Access data from any source#

ESMValCore supports a modular system for reading data from various data sources. In the future, this module may be extended with support for writing output data.

The interface is defined in the esmvalcore.io.protocol module and the other modules here provide an implementation for a particular data source.

esmvalcore.io#

A modular system for reading input data from various sources.

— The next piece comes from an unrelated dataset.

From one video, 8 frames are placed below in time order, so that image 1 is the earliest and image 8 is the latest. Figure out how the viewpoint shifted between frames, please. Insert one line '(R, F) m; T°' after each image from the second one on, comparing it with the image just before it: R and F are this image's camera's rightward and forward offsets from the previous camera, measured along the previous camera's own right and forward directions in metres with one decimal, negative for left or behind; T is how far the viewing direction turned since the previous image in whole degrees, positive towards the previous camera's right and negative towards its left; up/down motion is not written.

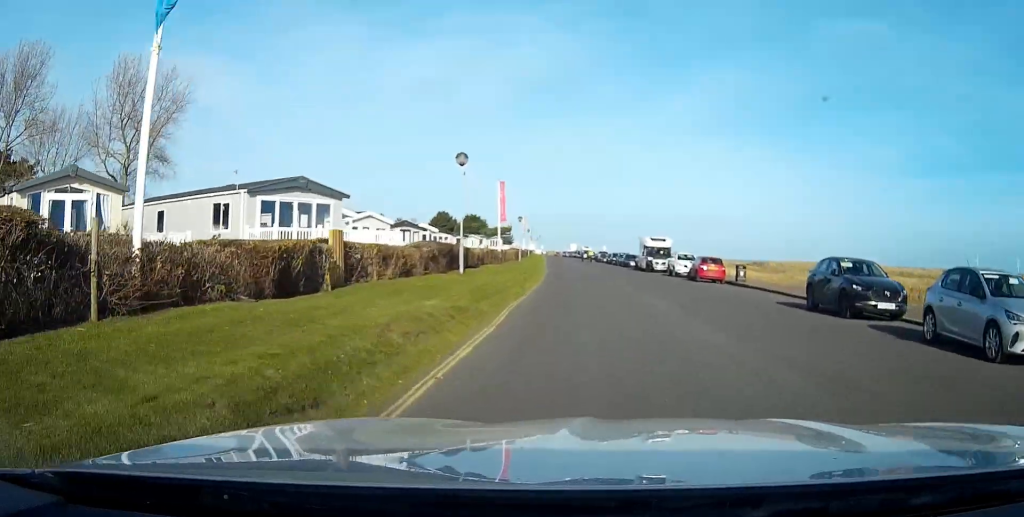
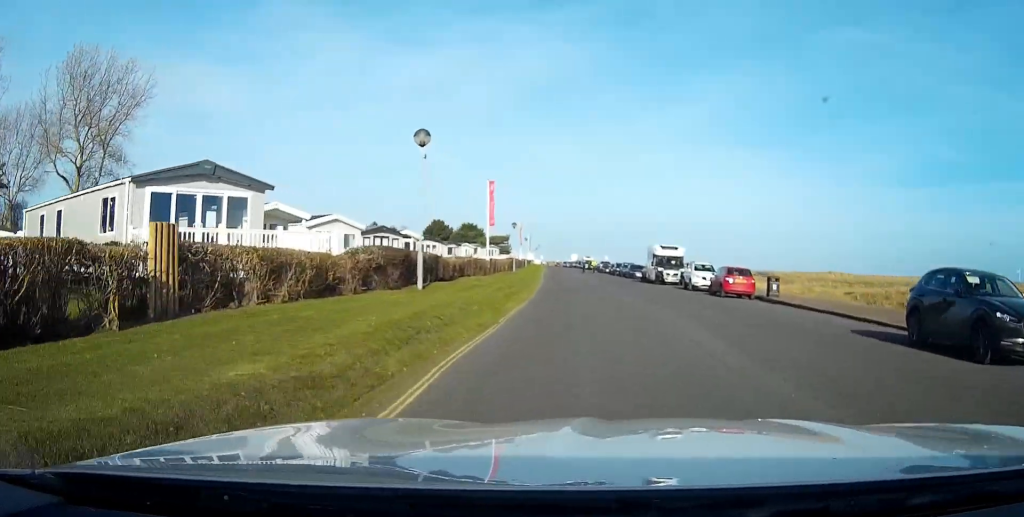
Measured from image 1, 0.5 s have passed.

An input data source can be defined in the configuration by using esmvalcore.config.CFG, for example:

>>> from esmvalcore.config import CFG
>>> CFG["projects"]["CMIP6"]["data"]["local"] = {
        "type": "esmvalcore.local.LocalDataSource",
        "rootpath": "~/climate_data",
        "dirname_template": "{project}/{activity}/{institute}/{dataset}/{exp}/{ensemble}/{mip}/{short_name}/{grid}/{version}",
        "filename_template": "{short_name}_{mip}_{dataset}_{exp}_{ensemble}_{grid}*.nc",
    }

or as a YAML configuration file:

projects:
  CMIP6:
    data:
      local:
        type: "esmvalcore.local.LocalDataSource"
        rootpath: "~/climate_data"
        dirname_template: "{project}/{activity}/{institute}/{dataset}/{exp}/{ensemble}/{mip}/{short_name}/{grid}/{version}"
        filename_template: "{short_name}_{mip}_{dataset}_{exp}_{ensemble}_{grid}*.nc"

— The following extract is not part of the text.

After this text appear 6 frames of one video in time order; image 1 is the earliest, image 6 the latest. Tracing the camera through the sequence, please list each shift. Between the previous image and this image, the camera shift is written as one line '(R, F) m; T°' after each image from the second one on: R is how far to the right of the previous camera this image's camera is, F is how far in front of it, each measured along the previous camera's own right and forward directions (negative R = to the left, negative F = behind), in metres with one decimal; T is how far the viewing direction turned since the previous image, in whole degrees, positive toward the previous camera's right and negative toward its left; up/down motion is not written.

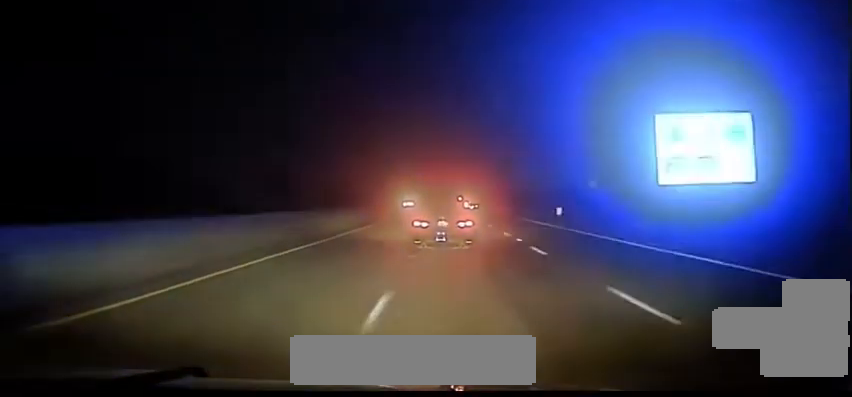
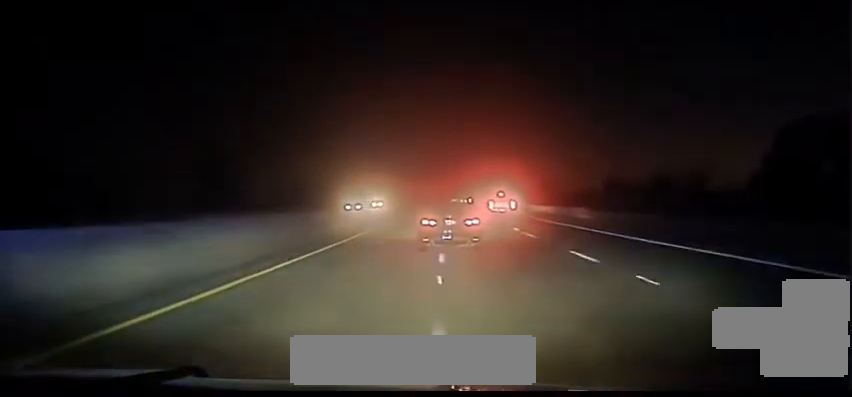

where CMIP6 is a project, and local is a unique name describing the data source. The data source type, esmvalcore.local.LocalDataSource, in the example above, needs to implement the esmvalcore.io.protocol.DataSource protocol. Any remaining key-value pairs in the configuration, rootpath, dirname_template, and filename_template in this example, are passed as keyword arguments to the data source when it is created.

If there are multiple data sources configured for a project, deduplication of search results happens based on the esmvalcore.io.protocol.DataElement.name attribute and the "version" facet in esmvalcore.io.protocol.DataElement.facets of the data elements provided by the data sources. If no version facet is specified in the search, the latest version will be used. If there is a tie, the data element provided by the data source with the lowest value of esmvalcore.io.protocol.DataSource.priority is chosen.

Functions:

load_data_sources(session[, project])

Get the list of available data sources.

esmvalcore.io.load_data_sources(session: Session, project: str | None = None) list[DataSource][source]#

Get the list of available data sources.

If no priority is configured for a data source, the default priority of 1 is used.

Parameters:
  • session (Session) – The configuration.

  • project (str | None) – If specified, only data sources for this project are returned.

Returns:

A list of available data sources.

Return type:

list of DataSource

Raises:

ValueError: – If the project or its settings are not found in the configuration.